My definition of the stochastic integral is that it it is the image of the Ito isometry. Now we also prove Ito's formula and then apply it pathwise and get a pathwise definition in some cases. But in Ito's formula the following definition of the stochastic integral is used:
$$\int_0^t f(X_s) dX_s = \lim_{n\to\infty} \sum_{s \in \pi_n} f(X_s) (X_{s'\wedge t} - X_{s\wedge t})$$
Where $\pi_n$ is a partition of $\mathbb{R}$ with $\text{mesh}(\pi_n) \to 0$ and $s'$ is the successor of $s$ in $\pi_n$.
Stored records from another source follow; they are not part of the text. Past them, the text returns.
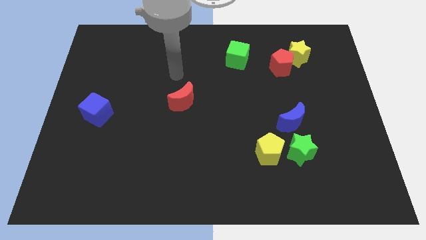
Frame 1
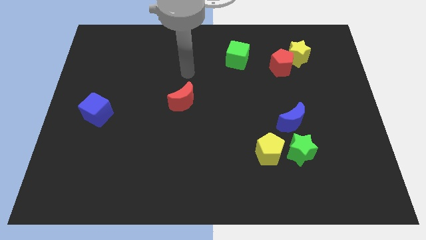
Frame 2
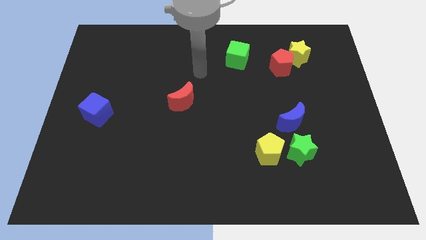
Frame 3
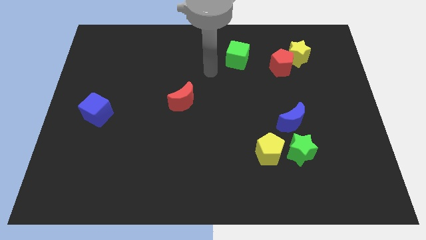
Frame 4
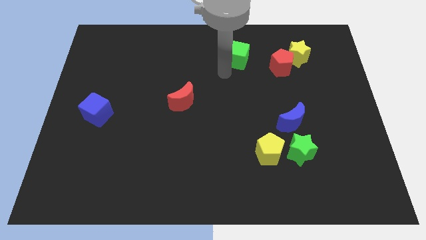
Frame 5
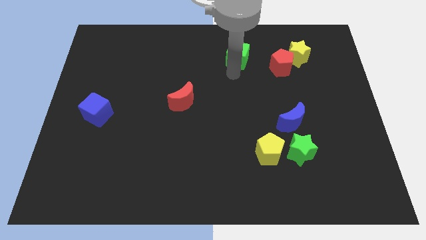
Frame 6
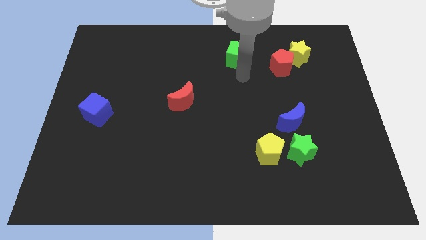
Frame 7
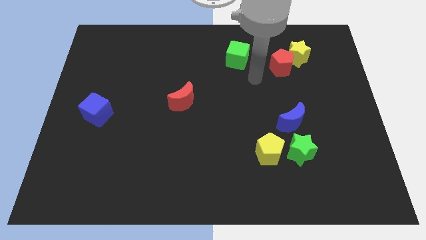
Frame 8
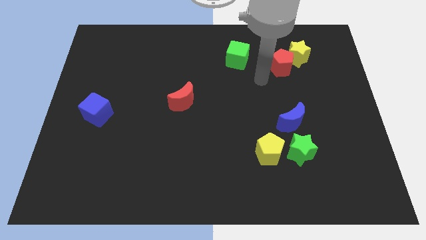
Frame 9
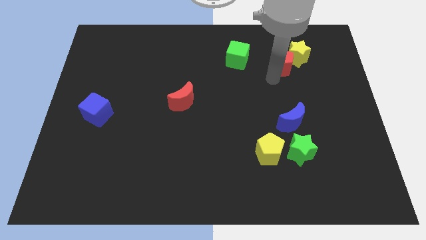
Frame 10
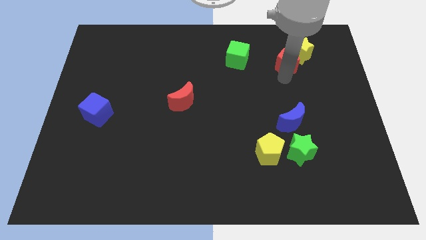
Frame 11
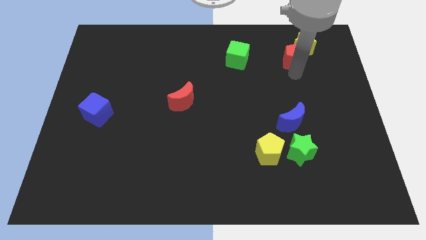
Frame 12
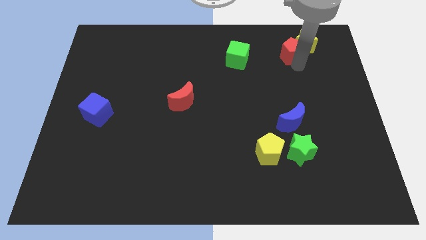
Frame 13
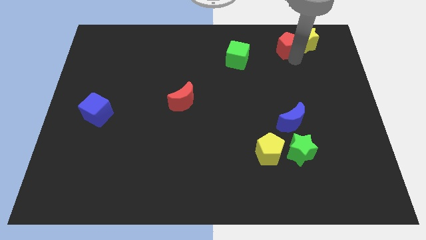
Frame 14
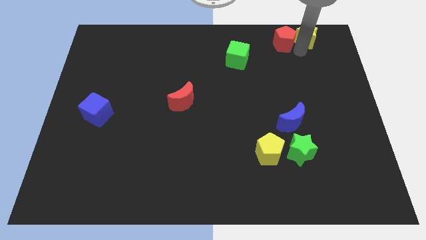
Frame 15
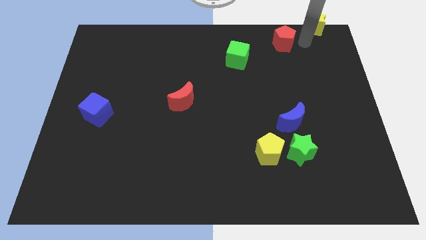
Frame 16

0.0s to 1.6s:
move the red pentagon away from the yellow star

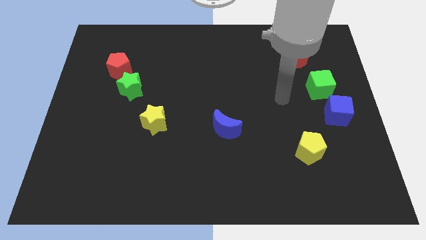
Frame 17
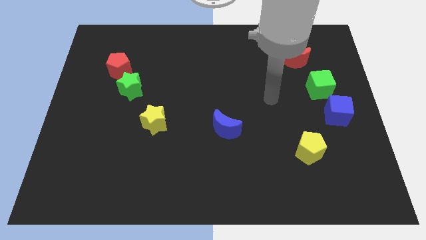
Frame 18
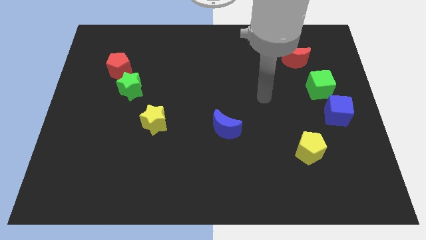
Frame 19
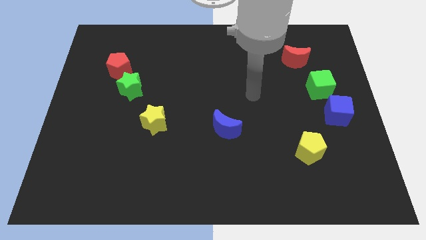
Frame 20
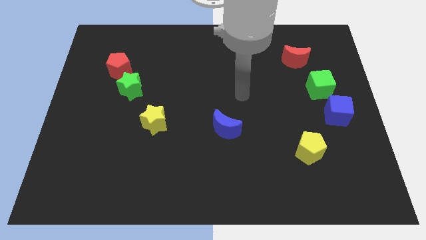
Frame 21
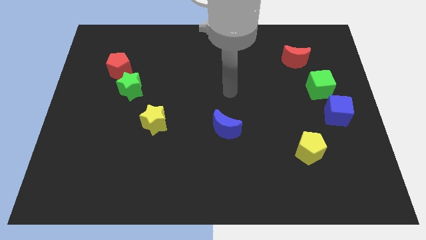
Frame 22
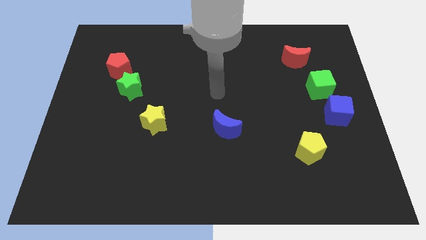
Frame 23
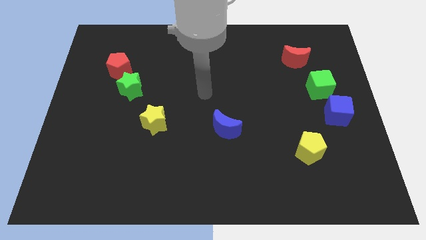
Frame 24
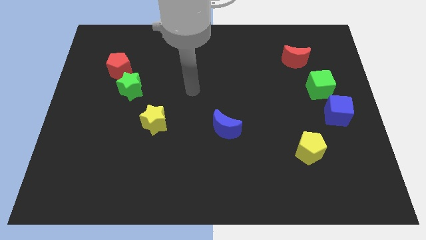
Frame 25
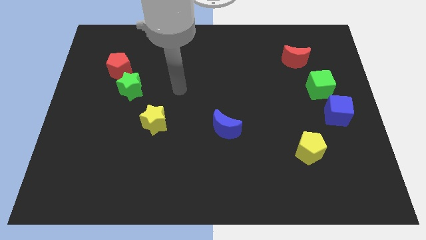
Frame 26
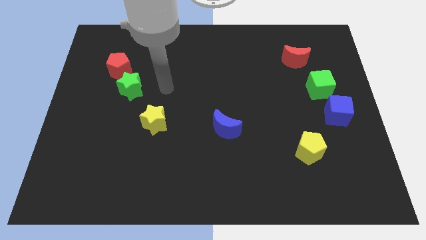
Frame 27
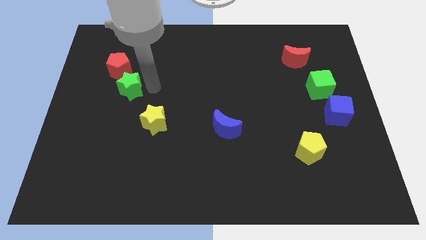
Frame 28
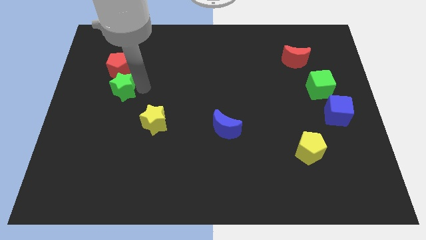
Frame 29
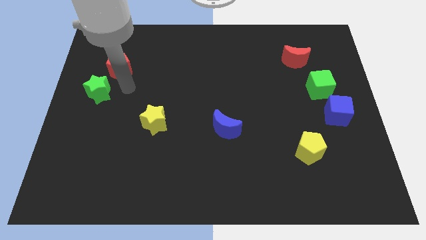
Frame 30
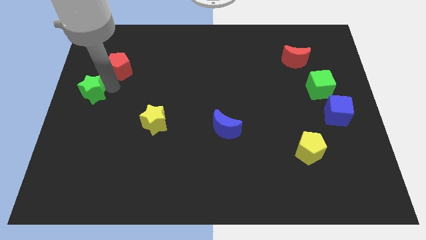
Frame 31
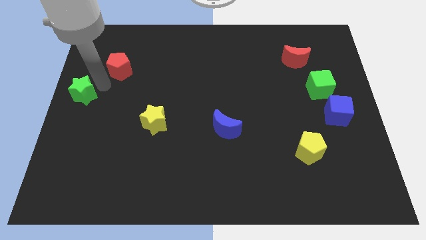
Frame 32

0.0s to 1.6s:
pull the red pentagon apart from the green star

The right-hand side is the Riemann-sum approximation of the integral. But we only have proven that this converges to the integral in some special cases ($f(X_s)$ continuous and bounded for example). The only condition on $f$ is that it lies in $C^1(\mathbb{R})$ here.
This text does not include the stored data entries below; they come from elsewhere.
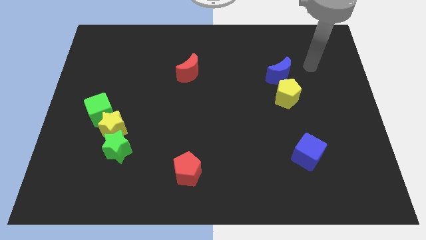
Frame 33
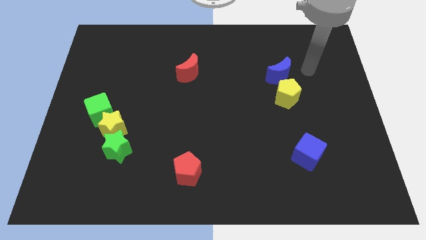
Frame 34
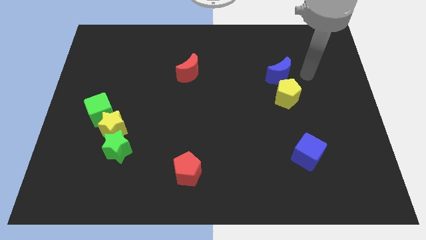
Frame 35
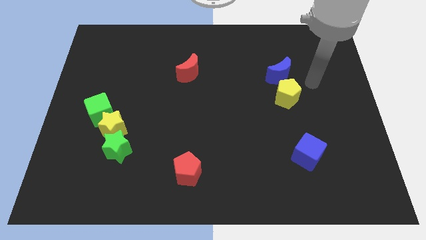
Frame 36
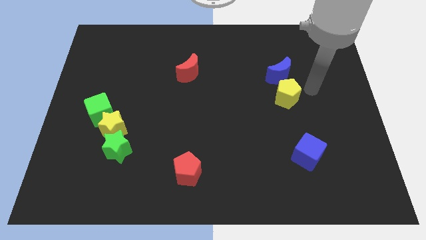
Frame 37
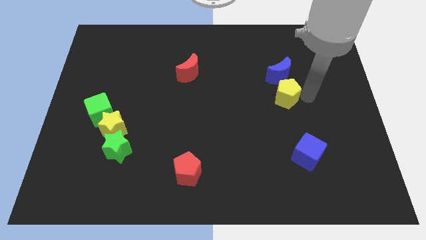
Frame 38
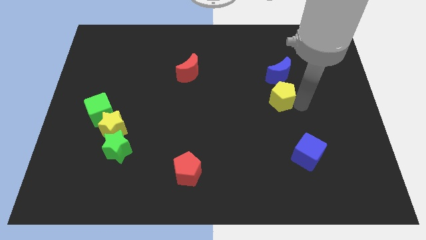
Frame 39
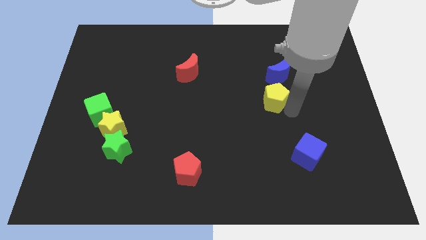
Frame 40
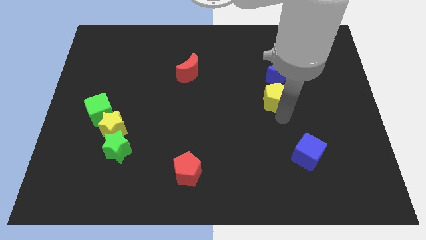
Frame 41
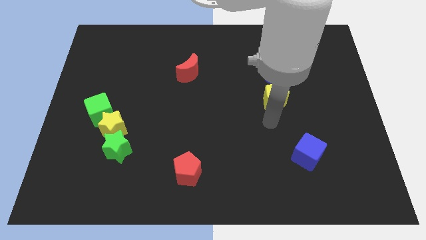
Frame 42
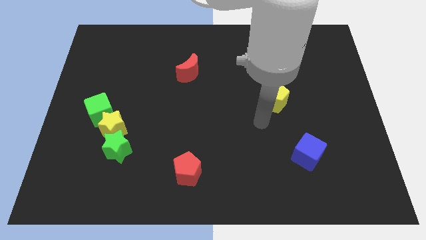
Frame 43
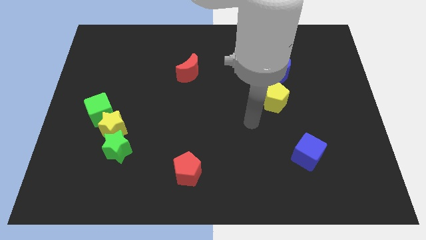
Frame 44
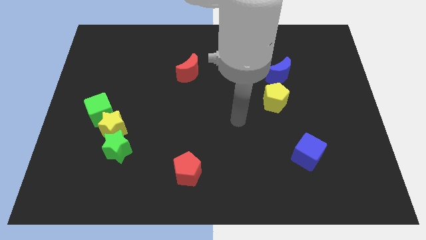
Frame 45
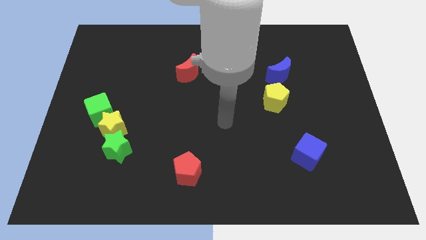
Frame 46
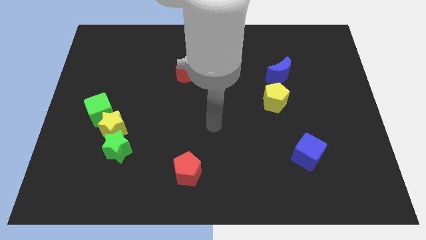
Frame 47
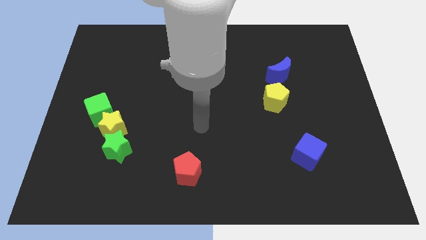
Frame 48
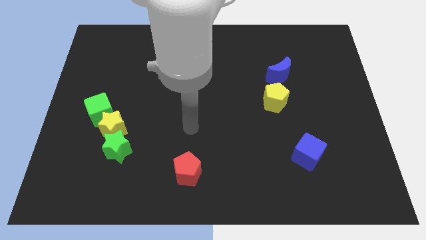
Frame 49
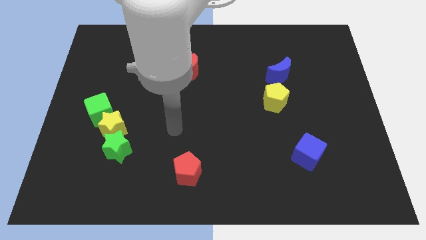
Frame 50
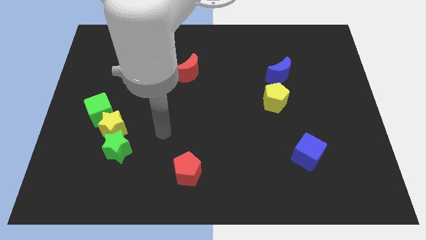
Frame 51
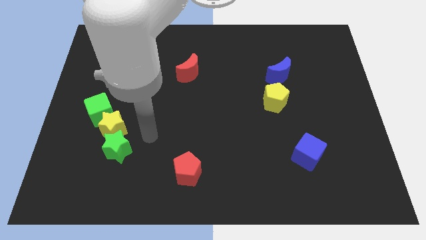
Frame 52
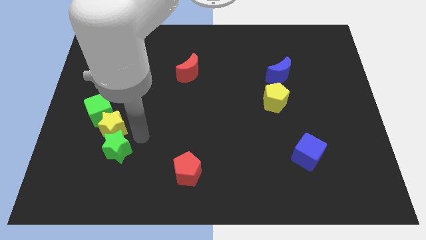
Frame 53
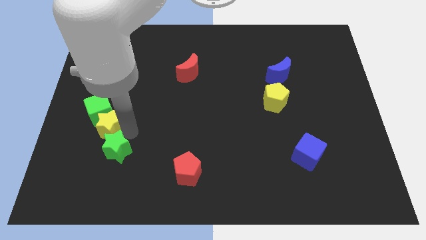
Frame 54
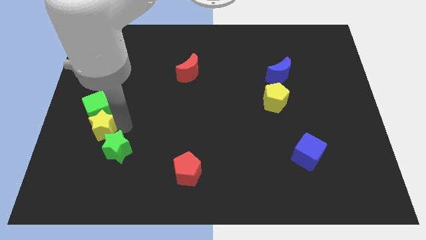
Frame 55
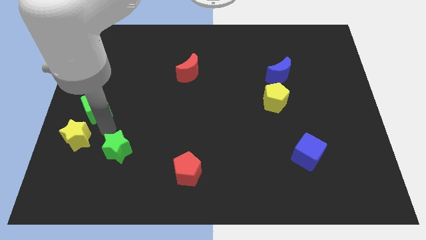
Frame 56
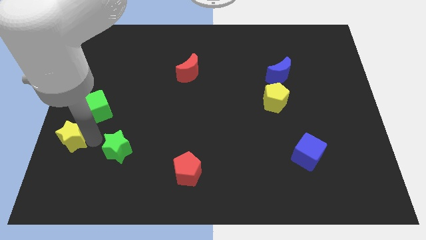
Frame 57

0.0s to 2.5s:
separate the green star from the yellow star

I understood that the right-hand-side converges - but why should it converge to the stochastic integral defined by the Ito isometry?
Edit: To elaborate on my definition of the stoch. integral: We have defined the stochastic integral for the simple processes $E$ which are of the kind $H := \sum_{i=0}^n 1_{(a_i, a_{i+1}]} A_i$ with $A_i$ being $F_{a_i}$-measureable and bounded. For this kind of processes the stochastic integral is defined as
$$J(H) := \int_0^t H_t dM_t = \sum_{i=0}^n A_i (M_{a_{i+1}} - M_{a_i})$$
Now the ito isometry tells us that $||H||_{L^2(\Omega \times [0, u), \mathbb{P} \times \lambda)} = ||J(H)||_{M^2([0,u))}$ where the hilbert space $M^2([0,u))$ consist of equivalence classes of square-integrable martingales, $M \sim M'$ iff $M$ and $M'$ are modifications of each other, i.e. $\forall t: \mathbb{P}(M_t = M'_t) = 1 $. Now $J$ implies a unique isometry $\overline{J}$ on the closure of $E$ in $L^2(\Omega \times [0, u)$.
$\overline{J}(H)$ for $H \in \overline{E}$ is the stochastic integral.